Plaintiffs seek an order refunding to class members all money collected
by CEA beyond what it was lawfully entitled to collect.*fn21
In the case at bar, Plaintiffs do not seek a determination of the actual
amount of damages, only a finding of law that such damages are due under
the applicable statutes.
Restitution of any money which the court finds may have been acquired as
a result of the unfair practice is justified as a deterrent to future
violations. Bank of the West v. Superior Court, 2 Cal.4th 1254, 1267
(1992); Fletcher v. Security Pacific National Bank, 23 Cal.3d 442, 451
(1979). Prejudgement interest is also due on money paid as restitution.
Cal. Civ. Code § 3287(a) provides, in pertinent part:
Every person who is entitled to recover damages certain,
or capable of being made certain by calculation and the
right to recover which is vested in him upon a particular
day, is entitled also to recover interest thereon from
that day, except during such time as the debtor is prevented
by law, or by the act of the creditor from paying the debt. . .
Damages is defined broadly to include any compensatory monetary recovery,
as provided in Cal. Civil Code § 3281, which provides:
Every person who suffers detriment from the unlawful act
or omission of another, may recover from the person in
fault a compensation therefor in money, which is called damages.
Cal. Civil Code § 3287 has been consistently applied to require the
award of prejudgment interest where the judgment is for money owed or to be
refunded pursuant to a statutory obligation. Tripp v. Swoap, 17 Cal.3d 671,
2. For violation of the California Unfair Business Practices Act, CEA is
liable to class members who paid a service charge, plus pre-judgment
interest, for all payments demanded or made on or after January 1, 1994.
The rationale is that plaintiffs were deprived of the use of any money they
paid to CEA and should be made whole by being compensated for interest they
would have been paid, in order to prevent unjust enrichment of CEA by its
having the use of Plaintiff's money. Id.
Declaratory relief is appropriate when: (1) the judgment will serve a
useful purpose in clarifying and settling the legal relations in issue; and
(2) it will terminate and afford relief from the uncertainty, insecurity and
controversy giving rise to the proceeding. Gammon v. GC Services Ltd.
Partnership, 162 F.R.D. 313, 320 (N.D.Ill. 1995).
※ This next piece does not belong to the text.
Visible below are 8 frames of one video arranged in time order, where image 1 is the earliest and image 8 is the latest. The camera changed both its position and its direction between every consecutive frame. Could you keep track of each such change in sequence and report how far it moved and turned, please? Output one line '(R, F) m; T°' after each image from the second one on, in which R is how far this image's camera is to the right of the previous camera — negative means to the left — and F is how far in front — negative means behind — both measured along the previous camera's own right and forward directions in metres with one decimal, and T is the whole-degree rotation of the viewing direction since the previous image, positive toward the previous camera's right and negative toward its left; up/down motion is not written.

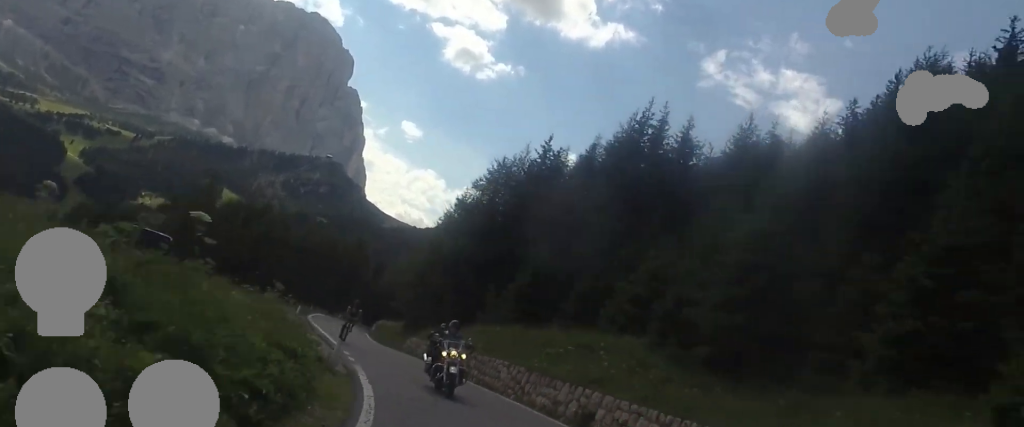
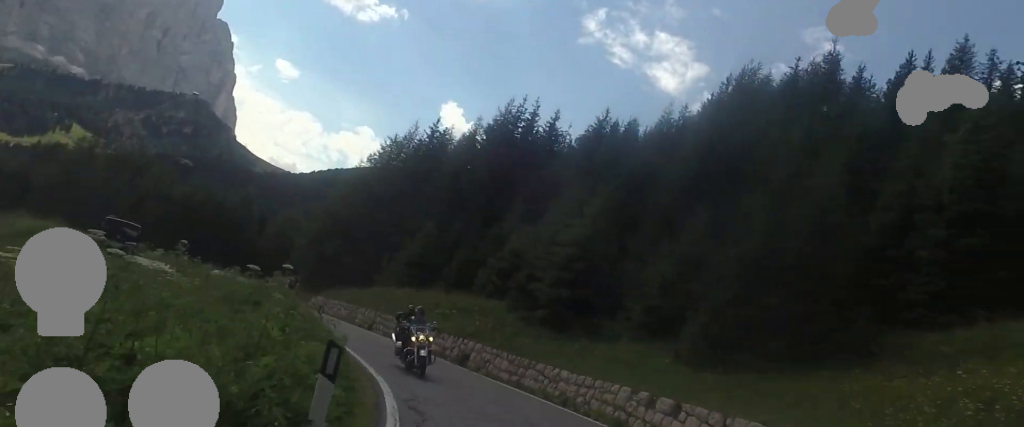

See also, Guerra v.
Sutton, 783 F.2d 1371, 1376 (9th Cir. 1986).
Class members in this case are entitled to a judgment declaring that
Defendant's practice of demanding a service charge and making other
misrepresentations violate the FDCPA and CUBPA, as follows:
1. CEA's collection charges on dishonored checks are unlawful under the
FDCPA and CUBPA to the extent that those charges exceed those expressly
allowed under Cal. Civil Code § 1719;
2. CEA has acted unlawfully in seeking a service charge under Cal. Civ.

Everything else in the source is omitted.